ПРОФЕССОР-ГЕНЕРАЛ МОРИС РЕНУАР
И действительно, события разворачивались с чрезвычайной быстротой. Уже на следующий день после того, как телеграф принес сообщение о гибели пяти иностранных туристов на Черном море, все газеты были переполнены статьями и призывами к защите прав свободного человека от варваров-большевиков. В отношении способов такой защиты газеты расходились во мнениях. Часть их настаивала на ультимативной ноте в адрес советского правительства с требованием немедленно предоставить зарубежным туристам право свободно пересекать все границы Союза без формальных ограничений, по принципу экстерриториальности. Другие требовали прежде всего денежной компенсации в достаточно крупном размере. Третьи попросту призывали к оружию, доказывая, что давно пора бросить всякие разговоры с большевиками и перейти на единственно допустимый язык — язык пушек и снарядов.

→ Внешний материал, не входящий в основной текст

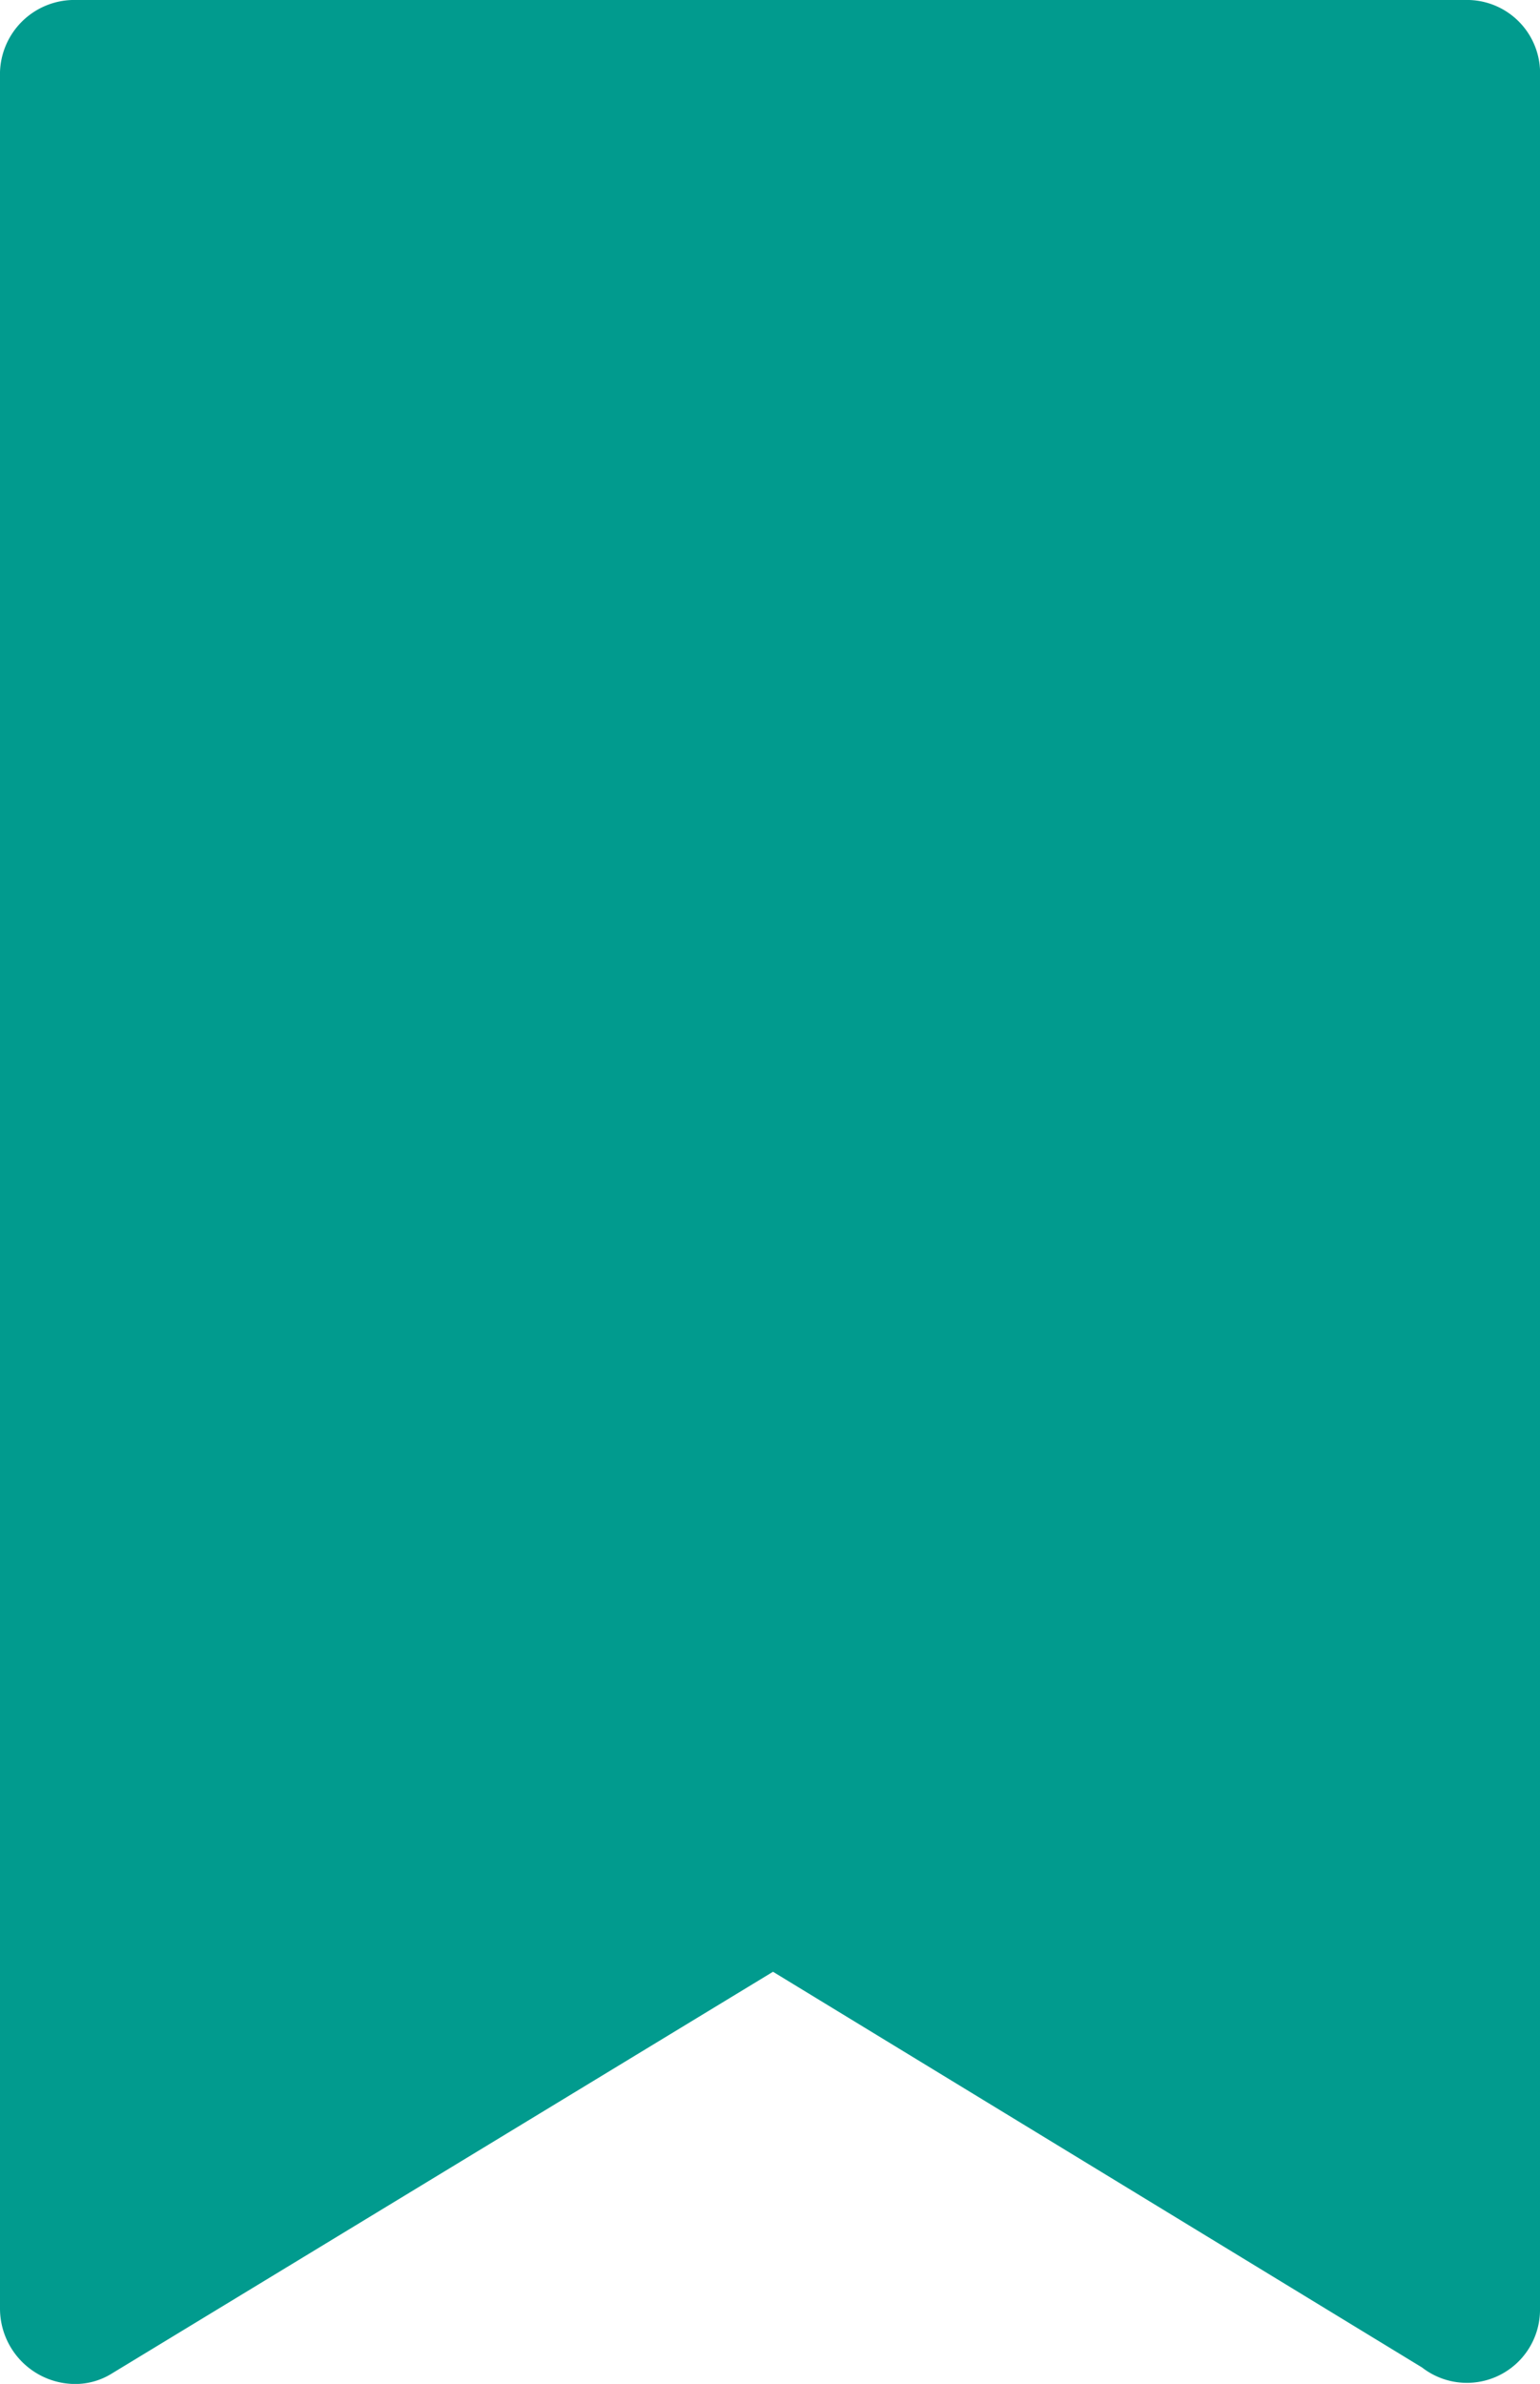 <svg xmlns="http://www.w3.org/2000/svg" width="51.029" height="78.95" viewBox="0 0 51.029 78.95">
  <path id="合体_2" data-name="合体 2" d="M149,92.448V18.543A2.465,2.465,0,0,1,151.543,16h46.141a2.423,2.423,0,0,1,2.345,2.542V92.448a2.423,2.423,0,0,1-3.91,1.956L174.614,81.3l-21.9,13.3a2.293,2.293,0,0,1-1.224.352A2.5,2.5,0,0,1,149,92.448Z" transform="translate(-149 -16)" fill="#019b8e"/>
</svg>

Так писали почти все газеты капиталистического мира. Коммунистические газеты, раскрывая истинное положение дел, напоминали о том, что Советский Союз — независимая страна, которую в первую очередь необходимо уважать, как любую другую: ведь Советский Союз, как и Великосаксия, и Швабия, и Остерия, — никому не позволит пренебрегать своими законами.
В тот же день состоялось срочное совещание представителей заинтересованных государств — Великосаксии, Швабии и Остерии: граждане именно этих стран погибли во время трагического происшествия на Черном море. Три часа спустя на совещании было принято категорическое постановление, которое тотчас же по телеграфу передали в Москву. В постановлении говорилось:
«Заинтересованные Державы обращают внимание СССР на то, что гибель иностранных туристов, которые приехали в Советский Союз, доверившись советскому правительству, — может вызвать осложнения непредсказуемого свойства. Вследствие этого Заинтересован-ванные Державы, стремясь успокоить общественное мнение, вынуждены потребовать от правительства СССР незамедлительно принять следующие меры:
а) Безотлагательно выплатить денежные компенсации семьям убитых туристов в размере 200 000 долларов за каждого из погибших;
б) Выразить сожаление по поводу этого преступления советских пограничников, убивших невинных иностранцев;
в) Гарантировать в дальнейшем для всех иностранных туристов право пересекать советские границы без каких-либо формальных ограничений.
В случае невыполнения этих требований в течение 3 дней — Заинтересованные Державы оставляют за собой право решить вопрос теми средствами, которые потребуются для полного успокоения общественного мнения культурного мира, справедливо возмущенного ужасным инцидентом».